Directions for this task
Can the lines below, from the one that holds "Cardiomegaly: negative" to the very end, be echoed exactly, with both ends included and no pictures?

** Opening Source material block **

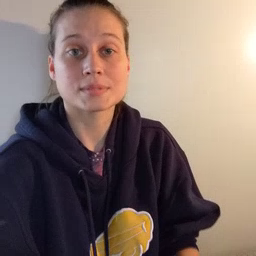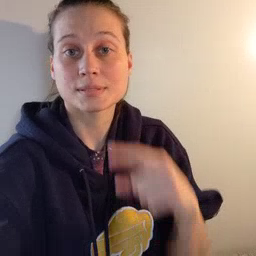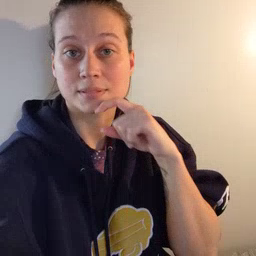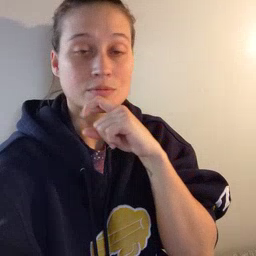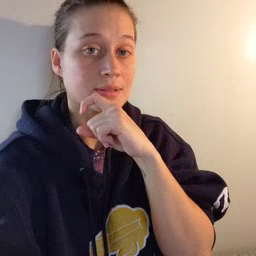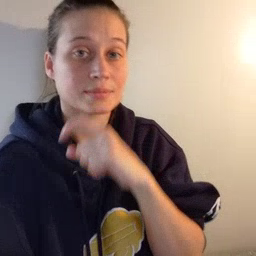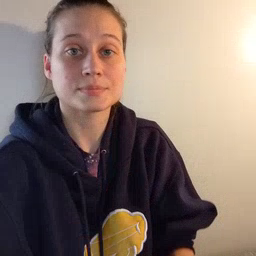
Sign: cereal
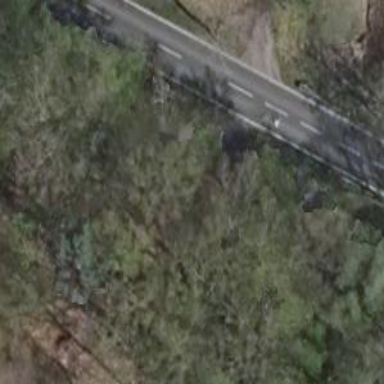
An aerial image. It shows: Emergency access point on the road.
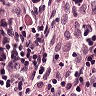
Metastatic tissue present: no
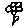
Label: flower
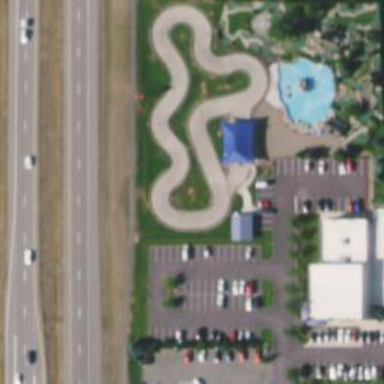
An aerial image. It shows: Asphalt raceway designed for karting sports.
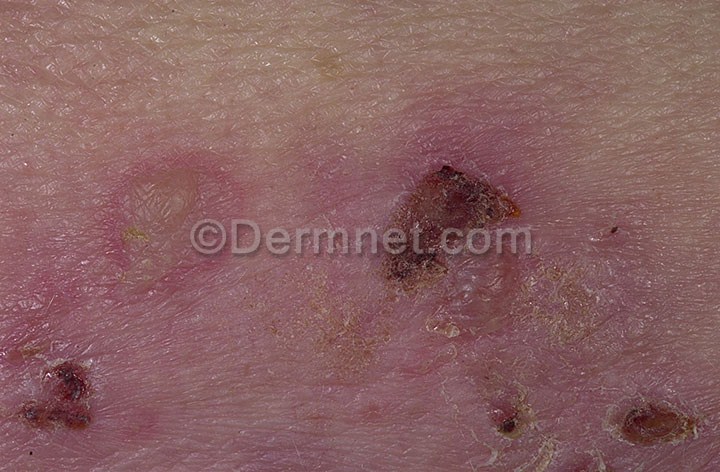
Disease: Bullous Disease Photos
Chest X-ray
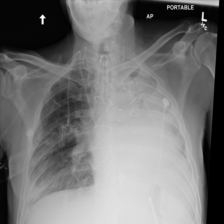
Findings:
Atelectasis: negative
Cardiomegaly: negative
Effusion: negative
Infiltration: negative
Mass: negative
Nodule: negative
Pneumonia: negative
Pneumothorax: negative
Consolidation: negative
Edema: negative
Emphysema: negative
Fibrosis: negative
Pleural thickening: negative
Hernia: negative
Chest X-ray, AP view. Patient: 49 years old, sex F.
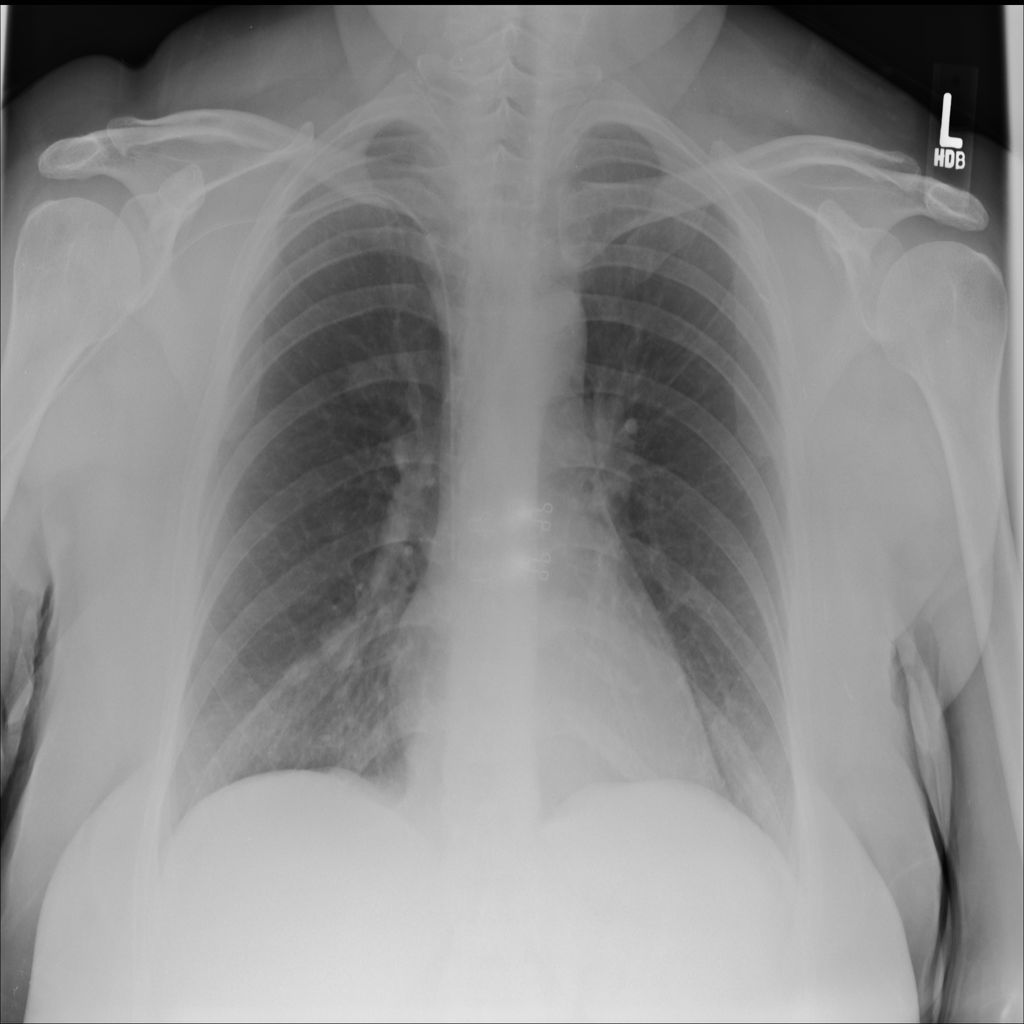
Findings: No Finding
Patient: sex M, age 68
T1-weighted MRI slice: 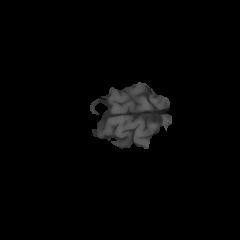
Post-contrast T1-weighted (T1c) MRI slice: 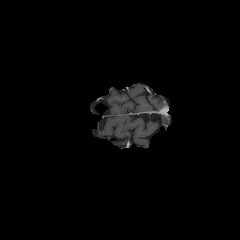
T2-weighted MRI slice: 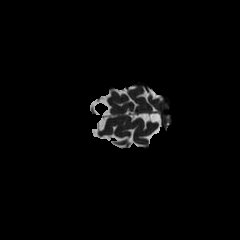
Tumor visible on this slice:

** Closing Source material block **

Solution to this task
Cardiomegaly: negative
Effusion: negative
Infiltration: negative
Mass: negative
Nodule: negative
Pneumonia: negative
Pneumothorax: negative
Consolidation: negative
Edema: negative
Emphysema: negative
Fibrosis: negative
Pleural thickening: negative
Hernia: negative
Chest X-ray, AP view. Patient: 49 years old, sex F.
Findings: No Finding
Patient: sex M, age 68
T1-weighted MRI slice: 
Post-contrast T1-weighted (T1c) MRI slice: 
T2-weighted MRI slice: 
Tumor visible on this slice:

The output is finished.